Let $f$ be a continuous map from $X$ to $Y$ (with respect to their topologies). Let the equivalence relation ~ on $X$ be defined by: $x \sim y \iff f(x)=f(y)$ Then, $X/\sim$ is homeomorphic to $im(f)$ (equipped with the subspace topology).
A counterexample for the general case would be illuminating as well.
On
Take any set $M$ and any two topologies $\mathfrak{T}_1, \mathfrak{T}_2$ on $M$ such that $\mathfrak{T}_1$ is strictly finer than $\mathfrak{T}_2$. Let $X_i = (M, \mathfrak{T}_i)$. Then the identity $id : X_1 \to X_2$ is continuous, but not a homeomorphism. Obviously the quotient map $p : X_1 \to X_1/\sim$ is a homeomorphism and we have $im(id) = X_2$. Thus the canonical map $id' : X_1/\sim \phantom{.} \to im(id)$ is not a homeomorphism (not even if both topolopies are Hausdorff).

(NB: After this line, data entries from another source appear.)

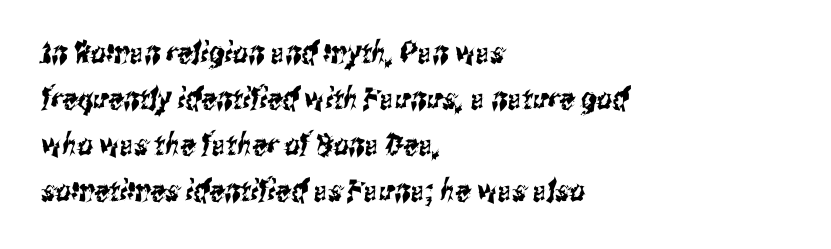
Left-aligned paragraph, ragged on the right. Decoration check: the copy has no underline. A typesetter would call this leading conventional body-copy spacing. The face used here is rendered with its standard letterfit.
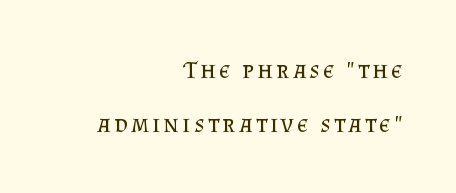
{"italic": "no", "bold": "no", "underline": "no", "align": "right", "line_spacing": "loose", "line_spacing_ratio": 2.16, "glyph_px": 25}
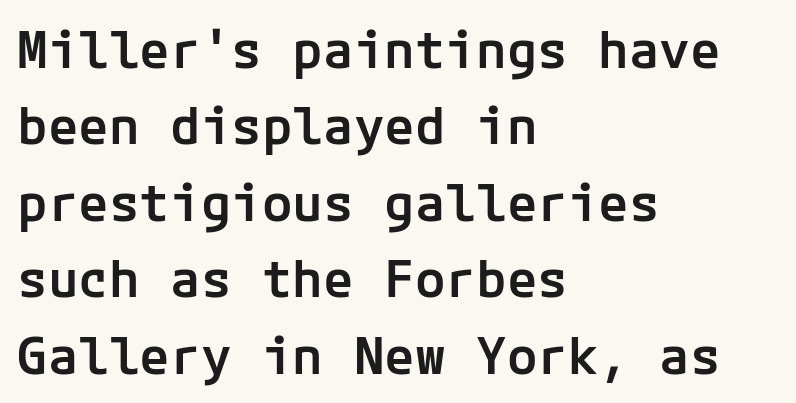
Look at the bottom of the vertical strokes: they stop flat, with no serifs. These lines are set flush left with a ragged right edge. Honestly, there is no underline to notice here at all. This is roman type, the default non-slanted kind. The rendering uses a semibold face; strokes are thickened but not to full bold. There is no visible air inserted between adjacent glyphs.
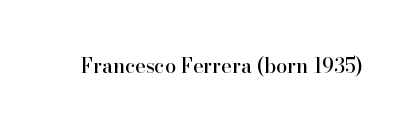
{"italic": "no", "underline": "no", "letter_spacing": "normal", "letter_spacing_em": 0.0, "glyph_px": 20}
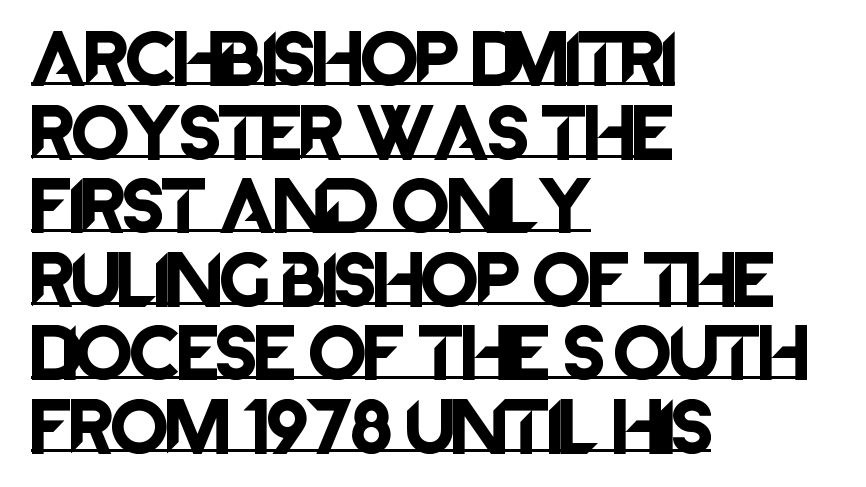
The image shows 57 px sans-serif type, upright; set left-aligned, normal line spacing (1.29x), normal letter spacing, underlined; low stroke contrast and a large x-height.
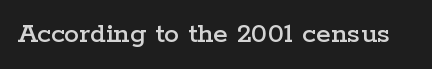
Q: Is the text italic (slanted)? A: No, it is upright.
Q: Is the typeface a serif or a sans-serif typeface? A: Serif.
Q: Is the text underlined? A: No.
Q: Is the spacing between letters normal or unusually wide? A: Normal.
Q: Width (condensed, normal, or wide)? A: Wide.
Q: Stroke contrast? A: Low.
Q: x-height? A: Medium.
Q: Monospaced? A: No.
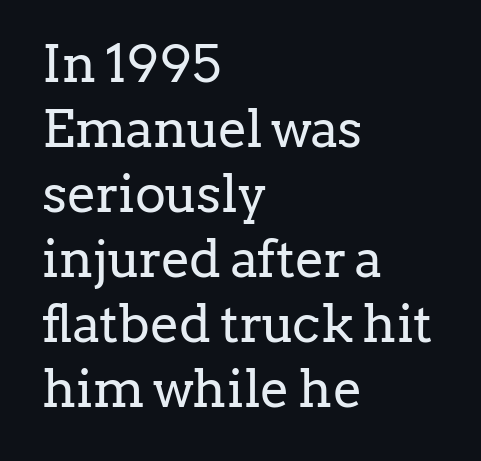
The vertical gap from one line to the next is medium. Is this a sans? No — the strokes have serifs. A roman cut, with each character standing at attention. A typesetter would call this zero additional tracking. Summary of weight: not heavy and not bold.
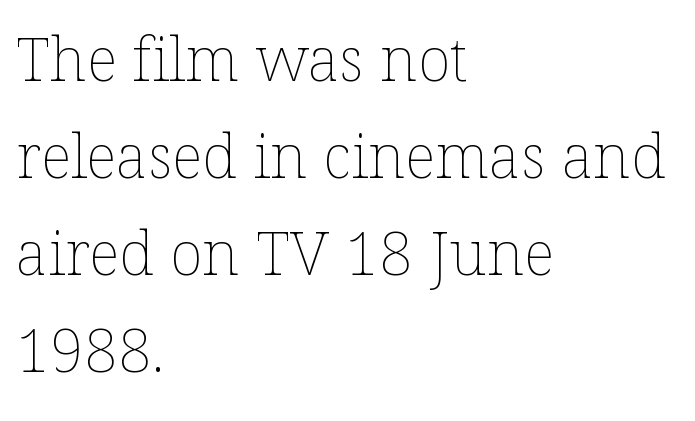
{"italic": "no", "bold": "no", "weight": "thin", "width": "normal", "stroke_contrast": "low", "x_height": "medium", "monospaced": "no", "underline": "no", "align": "left", "line_spacing": "normal", "line_spacing_ratio": 1.59, "letter_spacing": "normal", "letter_spacing_em": 0.0, "glyph_px": 61}
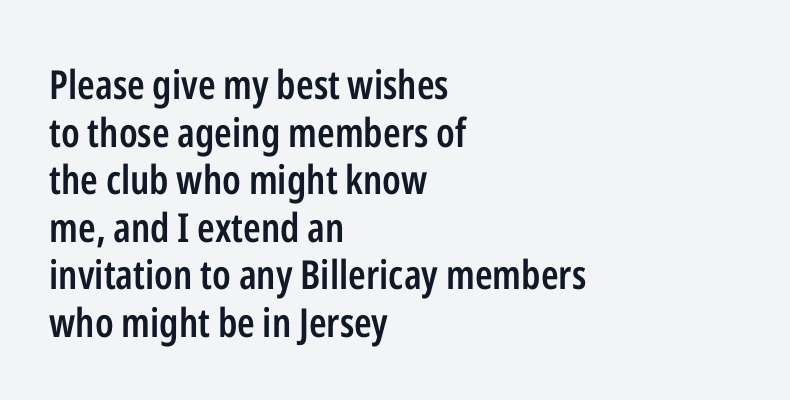
The image shows 40 px semibold, condensed sans-serif type, upright; set left-aligned, line spacing 1.19x, normal letter spacing, not underlined; low stroke contrast and a medium x-height.
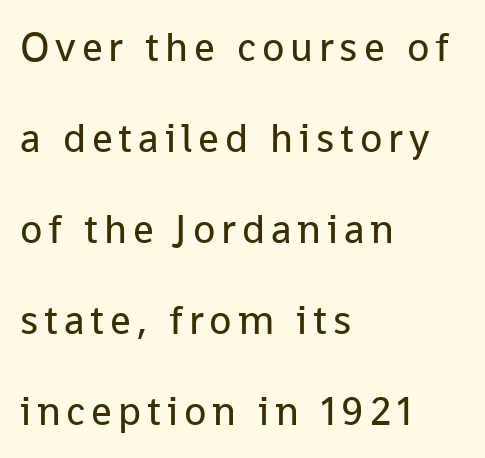
Unlike a traditional serif, this face leaves its strokes unadorned. This sample uses an upright cut, with every glyph sitting square on the baseline. Honestly, the rows look like they've been pulled way apart. Is this a fixed-width face? No — the glyphs have proportional, varying widths.
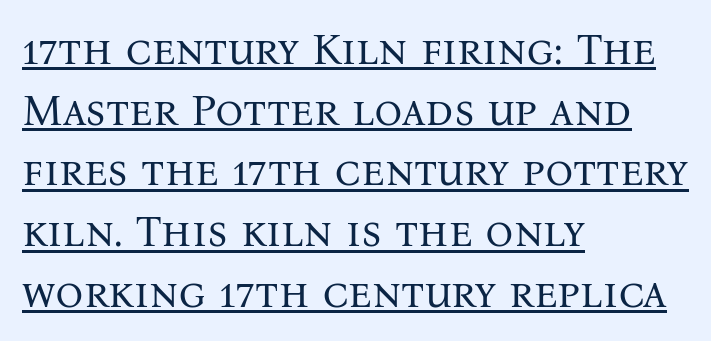
Proportional: the letters do not fall into vertical columns. This sample uses a serif face. The passage shown has conventional tracking throughout. These lines stack with their left ends in a neat column.
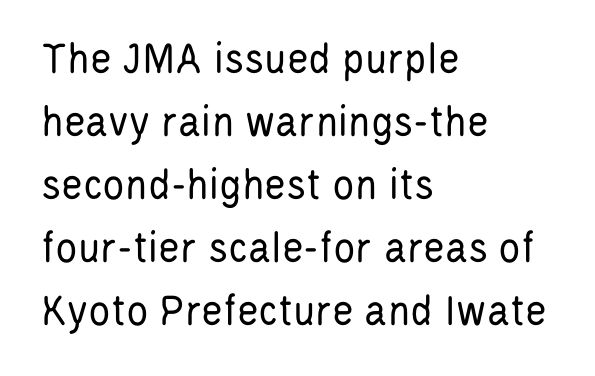
{"serif": "no", "italic": "no", "bold": "no", "weight": "regular", "width": "condensed", "stroke_contrast": "low", "x_height": "large", "monospaced": "no", "underline": "no", "align": "left", "line_spacing": "normal", "line_spacing_ratio": 1.37, "letter_spacing": "normal", "letter_spacing_em": 0.0, "glyph_px": 46}
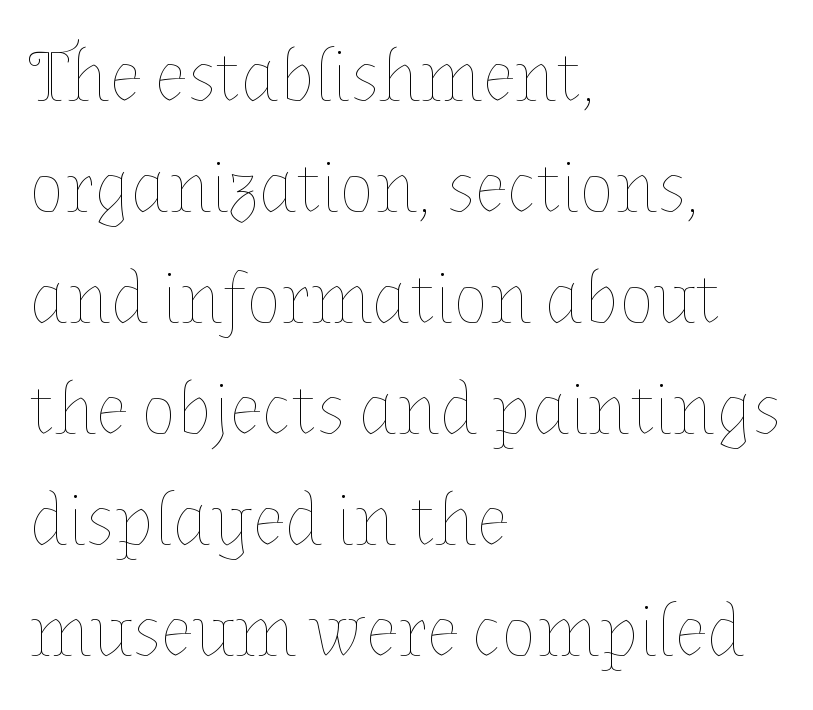
The image shows 74 px thin type, upright; set left-aligned, normal line spacing (1.5x), normal letter spacing, not underlined; low stroke contrast and a medium x-height.
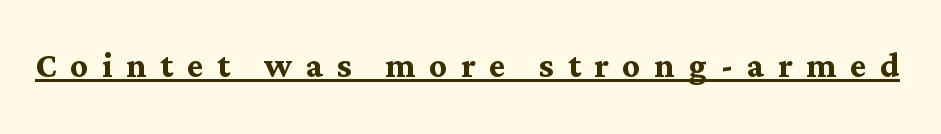
A roman cut, with each character standing at attention. The passage shown is typed in a proportional face where columns would drift. Old-style or modern, the face here clearly has serifs. Characters follow at a spacing far wider than the type designer built in. Has an underline been added? It has. Heavy, bold letterforms.

I doubt that you will find "minimal" conditions assuring that the induced $f' : X/\sim \phantom{.} \to im(f)$ is a homeomorphism. In fact, the above example shows that not even for continuos bijections we have convincing minimal conditions.
See this answer. Qiaochu Yuan states that this does not hold in general, but it does hold when both $X$ and $Y$ are Hausdorff.